The Vietnamese bots:
site-log !^social | asn-access-log 45899 | log-request | rank-lines
74 /nobots
3 /emacs/?action=translate%3Bid%3Dmon-utils.el%3Bmissing%3Dde_es_fr_it_ja_ko_pt_ru_se_uk_zh
3 /emacs/?action=translate%3Bid%3DComments_on_SuperCollider%3Bmissing%3Dde_en_es_fr_it_ja_ko_pt_ru_se_uk_zh
3 /emacs/?action=translate%3Bid%3DComintModes%3Bmissing%3Dde_es_fr_it_ja_ko_pt_ru_se_uk_zh
3 /emacs/?action=edit%3Bid%3DCustomizeNewGUI
3 /emacs/?action=browse%3Bdiff%3D2%3Bid%3DDialog
3 /emacs/?action=admin%3Bid%3DApplyingPatches
2 /emacs/wang1zhen
2 /emacs/Comments_on_zenburn.el
2 /emacs?action=translate%3Bid%3DVbsReplMode%3Bmissing%3Dde_en_es_fr_it_ja_ko_pt_ru_se_uk_zh
Looks like they're following all the links, so a misbehaved bot, if you ask me. They're "hitting all the buttons" on the web app. The relevant part of `robots.txt`:
User-agent: *
Crawl-delay: 240
Disallow: /emacs?action=
The Chinese bots:
site-log !^social | asn-access-log 45102 | log-request | rank-lines
306 /robots.txt
12 /wiki?action=rc%3Brcfilteronly%3D%222005-10-06%22
12 /wiki?action=history%3Bid%3D2005-10-06
12 /wiki?action=edit%3Bid%3DMoneyPooling
12 /wiki?action=edit%3Bid%3DDorfWiki
12 /wiki?action=edit%3Bid%3DBarnstarSharing
12 /wiki?action=edit%3Bid%3D2005-10-06
12 /wiki?action=define%3Bname%3DMoneyPooling
12 /wiki?action=define%3Bname%3DBarnstarSharing
12 /wiki?action=browse%3Bdiff%3D2%3Bid%3D2005-10-06
Looks like they're following all the links, so a misbehaved bot as well.
Again, the relevant part of `robots.txt`:
User-agent: *
Crawl-delay: 240
Disallow: /wiki
The German bots actually make reasonable requests:
site-log !^social | asn-access-log 24940 | log-request | rank-lines
90 /view/2025-06-16-ban-asn
52 /
50 /view/index
41 /rpg/feed.xml
29 /admin/ban-cidr
16 /view/index.rss
15 /emacs?action=rss
10 /robots.txt
8 /wiki/feed/full/
8 /osr/feed.xml
Let's see what sort of user agents we see. I'm expecting feed readers.

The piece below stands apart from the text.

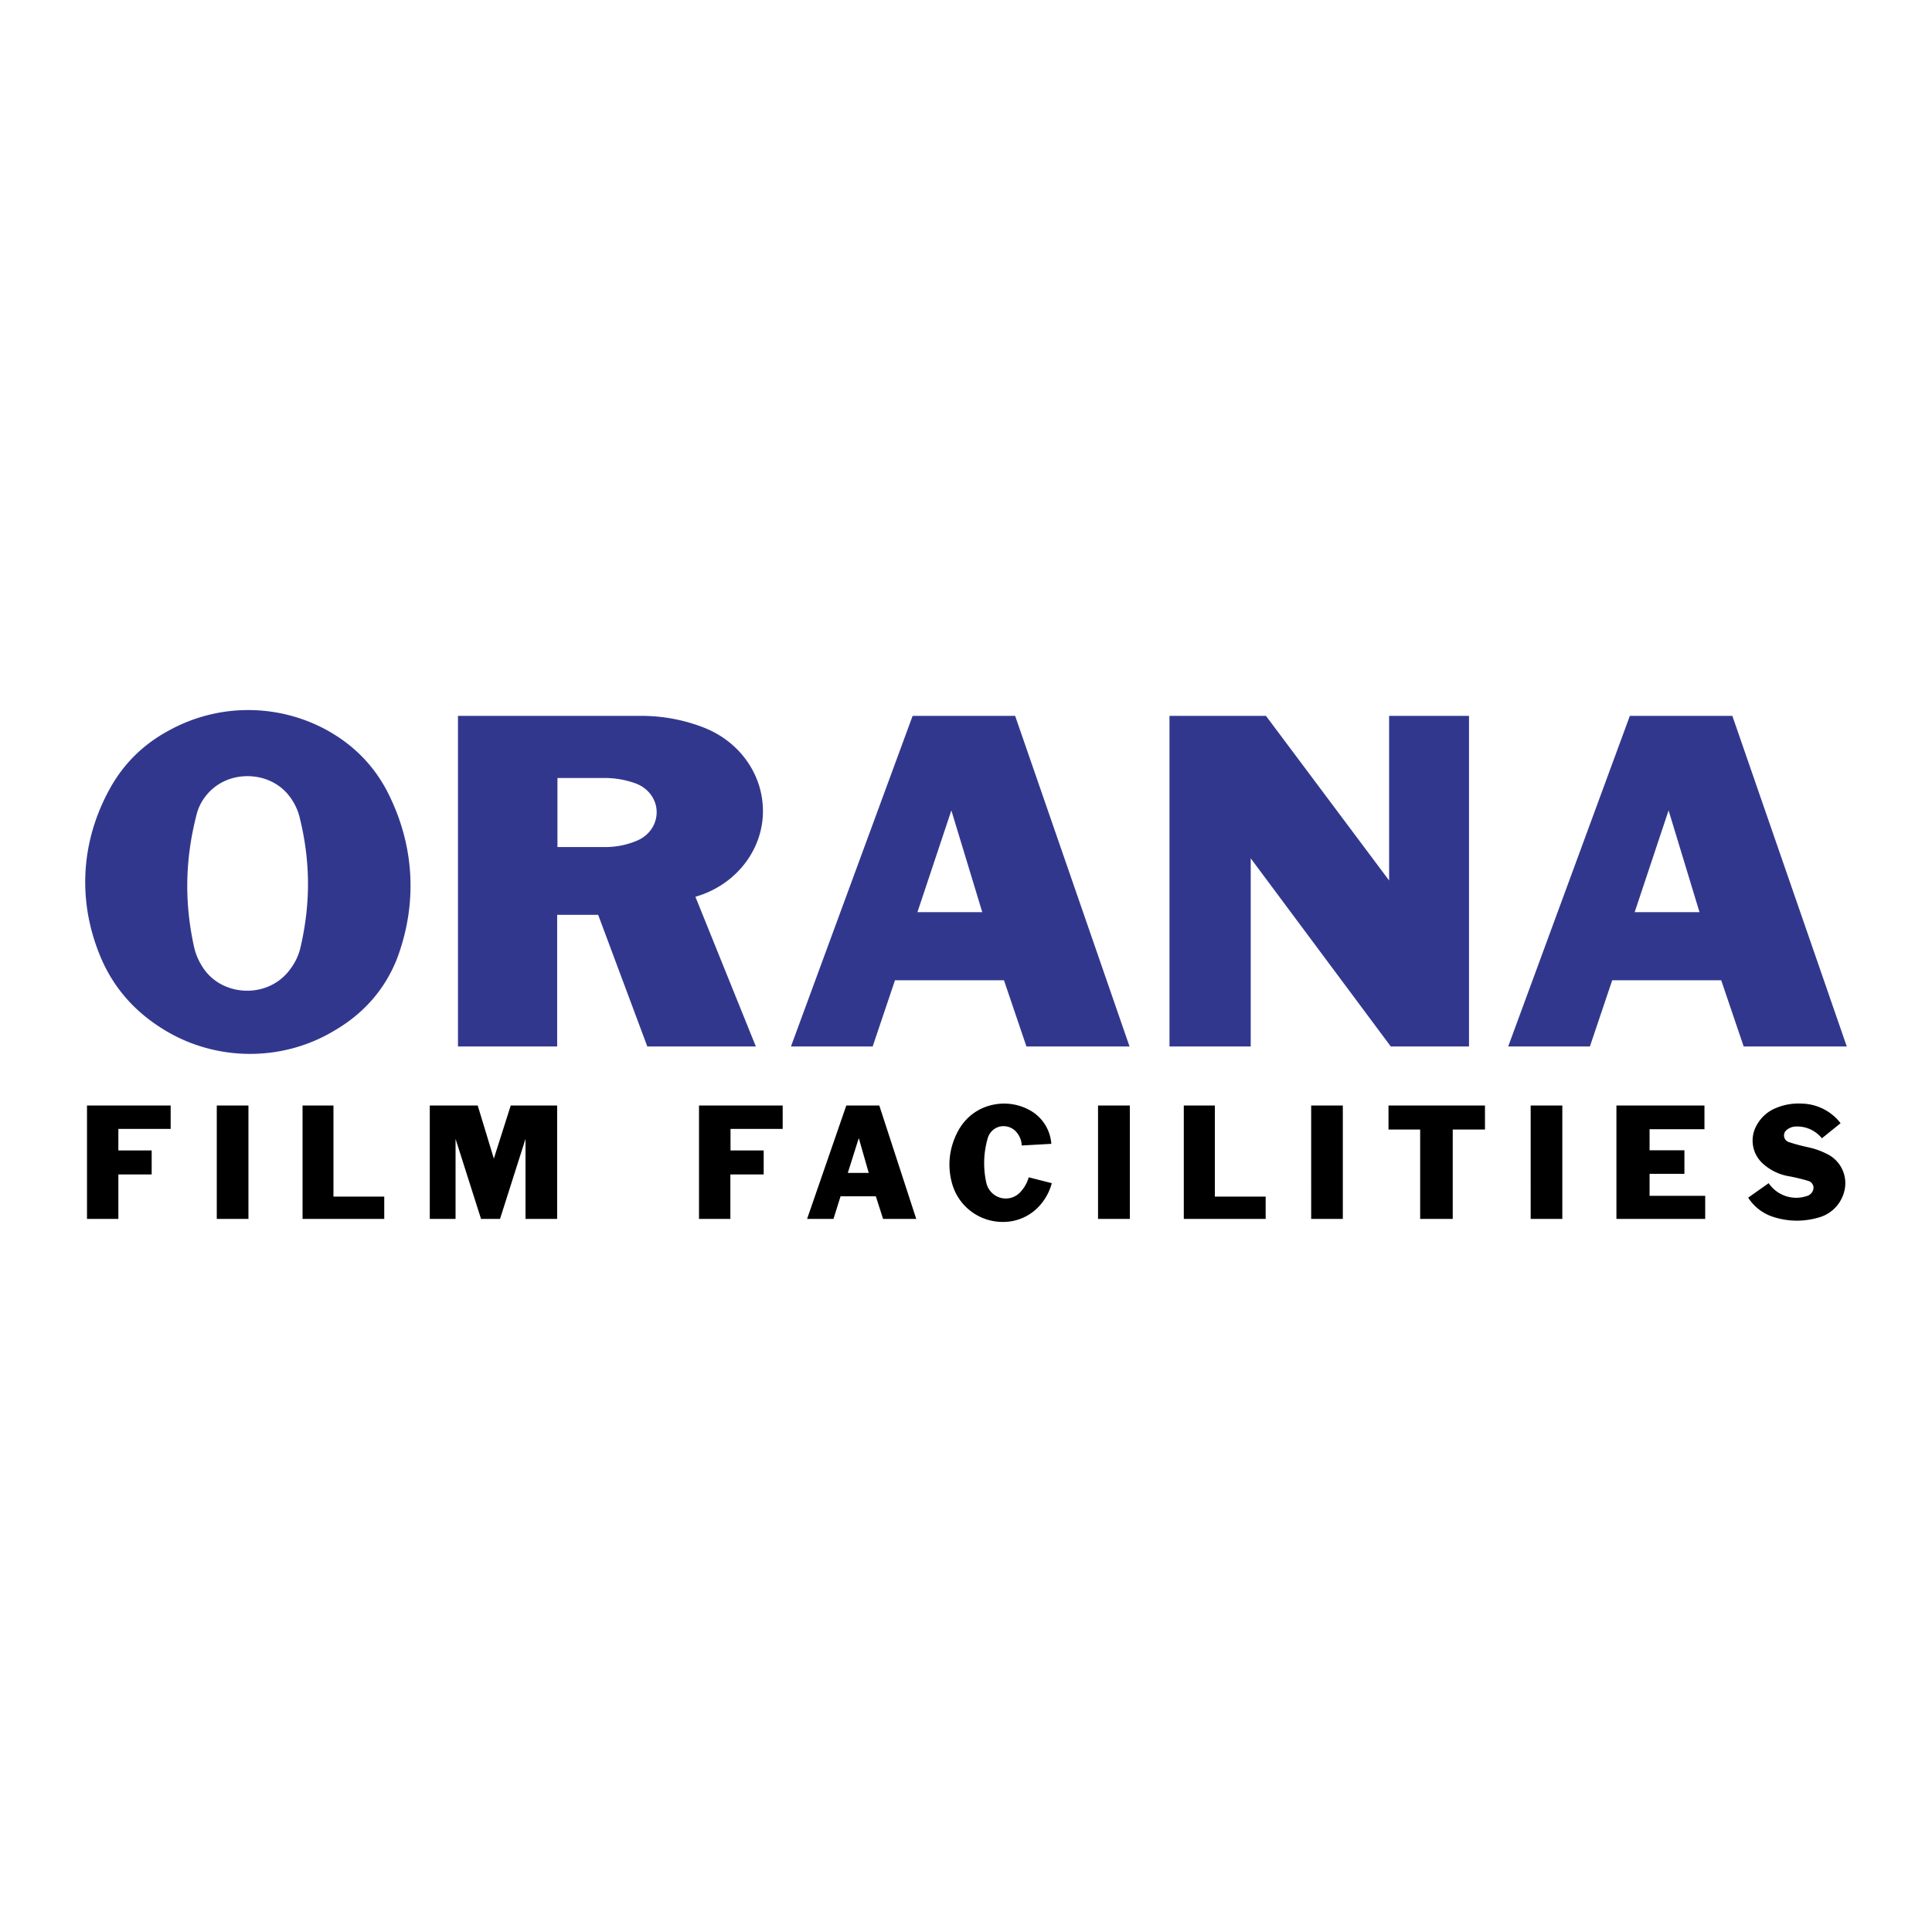 <svg xmlns="http://www.w3.org/2000/svg" width="2500" height="2500" viewBox="0 0 192.756 192.756"><g fill-rule="evenodd" clip-rule="evenodd"><path fill="#fff" d="M0 0h192.756v192.756H0V0z"/><path d="M20.2 96.465c.917 1.458 2.527 2.331 4.332 2.376 1.79.045 3.444-.768 4.437-2.166a5.688 5.688 0 0 0 1.038-2.271c.993-4.346.962-8.497-.105-12.829a5.722 5.722 0 0 0-.902-1.97c-.948-1.354-2.497-2.136-4.211-2.166-1.73-.03-3.293.707-4.301 2.03a4.891 4.891 0 0 0-.888 1.85c-1.128 4.407-1.218 8.648-.255 13.084.163.753.434 1.4.855 2.062zm13.159 6.361c-5.218 3.144-11.866 3.083-17.04-.12-2.873-1.76-4.963-4.137-6.242-7.129-2.361-5.55-2.06-11.535.857-16.844 1.383-2.527 3.369-4.497 6.001-5.896a16.368 16.368 0 0 1 15.521-.076c2.677 1.444 4.692 3.444 6.091 6.031 2.797 5.339 3.173 11.219 1.068 16.844-1.202 3.054-3.308 5.475-6.256 7.19zm22.259-18.318h4.677a8.01 8.01 0 0 0 3.249-.632c1.233-.511 2-1.654 1.97-2.917-.03-1.249-.872-2.361-2.136-2.812a9.042 9.042 0 0 0-3.053-.526h-4.708v6.887h.001zm-9.926 19.897V71.423h18.093a17.155 17.155 0 0 1 6.332 1.128c3.58 1.354 5.941 4.587 6.001 8.226.075 3.971-2.692 7.535-6.738 8.693l6.031 14.935H64.582L59.68 91.276h-4.091v13.129h-9.897zm45.841-13.4H98l-3.083-10.151-3.384 10.151zm-12.618 13.4l12.137-32.982h10.228l11.414 32.982h-10.287l-2.24-6.603H89.292l-2.226 6.603h-8.151zm37.765 0V71.423h9.625l12.287 16.423V71.423h7.971v32.982h-7.805l-13.973-18.77v18.77h-8.105zm46.412-13.4h6.467l-3.084-10.151-3.383 10.151zm-12.619 13.4l12.137-32.982h10.227l11.416 32.982h-10.287l-2.24-6.603H160.85l-2.225 6.603h-8.152z" fill="#32378e"/><path d="M8.68 121.61V110.3h8.347v2.331h-5.219v2.15h3.324v2.392h-3.324v4.437H8.68zm12.948 0V110.3h3.159v11.31h-3.159zm8.558 0V110.3h3.083v9.084h5.068v2.226h-8.151zm12.693 0V110.3h4.783l1.609 5.294 1.684-5.294h4.632v11.31H52.43v-7.986l-2.542 7.986h-1.895l-2.542-7.986v7.986h-2.572zm26.862 0V110.3h8.347v2.331h-5.204v2.15h3.309v2.392h-3.324v4.437h-3.128zm14.843-4.587h2.09l-.993-3.474-1.097 3.474zm-4.06 4.587l3.91-11.31h3.294l3.685 11.31h-3.309l-.722-2.256h-3.519l-.707 2.256h-2.632zm19.658.301a5.24 5.24 0 0 1-5.145-3.67c-.556-1.819-.36-3.685.526-5.354.768-1.459 2.105-2.437 3.73-2.707a5.28 5.28 0 0 1 3.475.602 4.146 4.146 0 0 1 2.121 3.339l-2.949.165a2.169 2.169 0 0 0-.66-1.474 1.7 1.7 0 0 0-1.564-.406c-.557.15-.992.571-1.158 1.113a8.93 8.93 0 0 0-.15 4.497c.166.722.707 1.293 1.414 1.488s1.459-.015 1.969-.557c.406-.436.678-.917.844-1.488l2.301.586a5.424 5.424 0 0 1-1.293 2.332 4.864 4.864 0 0 1-3.461 1.534zm9.369-.301V110.3h3.174v11.31h-3.174zm8.556 0V110.3h3.1v9.084h5.068v2.226h-8.168zm12.709 0V110.3h3.158v11.31h-3.158zm10.873 0v-8.918h-3.158V110.3h9.625v2.392h-3.217v8.918h-3.25zm11.026 0V110.3h3.158v11.31h-3.158zm8.556 0V110.3h8.783v2.361h-5.475v2.105h3.475v2.346h-3.475v2.196h5.549v2.301h-8.857v.001zm13.145-2.12l2.045-1.444a3.326 3.326 0 0 0 3.865 1.264.91.91 0 0 0 .588-.646.673.673 0 0 0-.076-.512.716.716 0 0 0-.42-.331 18.206 18.206 0 0 0-2.016-.481 5.108 5.108 0 0 1-2.648-1.368 3.091 3.091 0 0 1-.451-3.774 3.772 3.772 0 0 1 1.896-1.654 5.787 5.787 0 0 1 2.57-.437 5.009 5.009 0 0 1 3.865 1.955l-1.863 1.504c-.648-.782-1.58-1.218-2.604-1.173a1.472 1.472 0 0 0-.947.376.676.676 0 0 0-.211.661.685.685 0 0 0 .451.512c.693.226 1.324.391 2.031.541a7.61 7.61 0 0 1 2.016.768 3.236 3.236 0 0 1 1.564 3.278 3.623 3.623 0 0 1-2.438 2.888c-1.639.512-3.293.496-4.918-.075a4.667 4.667 0 0 1-2.299-1.852z"/></g></svg>

site-log !^social | asn-access-log 24940 | log-user-agent | rank-lines
46 NewsBlur Page Fetcher
36 Mozilla/5.0 (Macintosh; Intel Mac OS X 10_15_7) AppleWebKit/537.36 (KHTML, like Gecko) Chrome/104.0.0.0 Safari/537.36
32 NewsBlur Feed Fetcher
23 fiperbot/0.1 (+https://www.fiper.net)
21 Mozilla/5.0 (compatible; DataForSeoBot/1.0; +https://dataforseo.com/dataforseo-bot)
15 AwarioSmartBot/1.0 (+https://awario.com/bots.html; bots@awario.com)
9 Mozilla/5.0 (X11; Ubuntu; Linux x86_64; rv:60.0) Gecko/20100101 Firefox/60.0
8 MyNewspaper Agent 1.0
8 Akkoma 3.9.3-0-g9d7c877; https://social.raccoon.college <admin@raccoon.college>, Akkoma 3.9.3-0-g9d7c877; https://social.raccoon.college <admin@raccoon.college>; Bot
7 Mozilla/5.0 (Windows NT 10.0; Win64; x64) AppleWebKit/537.36 (KHTML, like Gecko) Chrome/101.0.4951.64 Safari/537.36 Edg/101.0.1210.47
The one that stands out is "DataForSeoBot". But it seems that this is not a problem. I already have this bot in my Apache config (as seen on 2025-03-21 A summary of my bot defence systems). Still, *booo!* Hetzner for hosting this bot.
2025-03-21 A summary of my bot defence systems
site-log !^social | grep DataForSeoBot | leech-detector
Total hits: 21
IP | Hits | Bandw. | Rel. | Interv. | Status
------------------------------:|-----------:|-------:|-----:|--------:|-------
136.243.228.177 | 18 | 1K | 85% | -289.2s | 410 (55%), 301 (44%)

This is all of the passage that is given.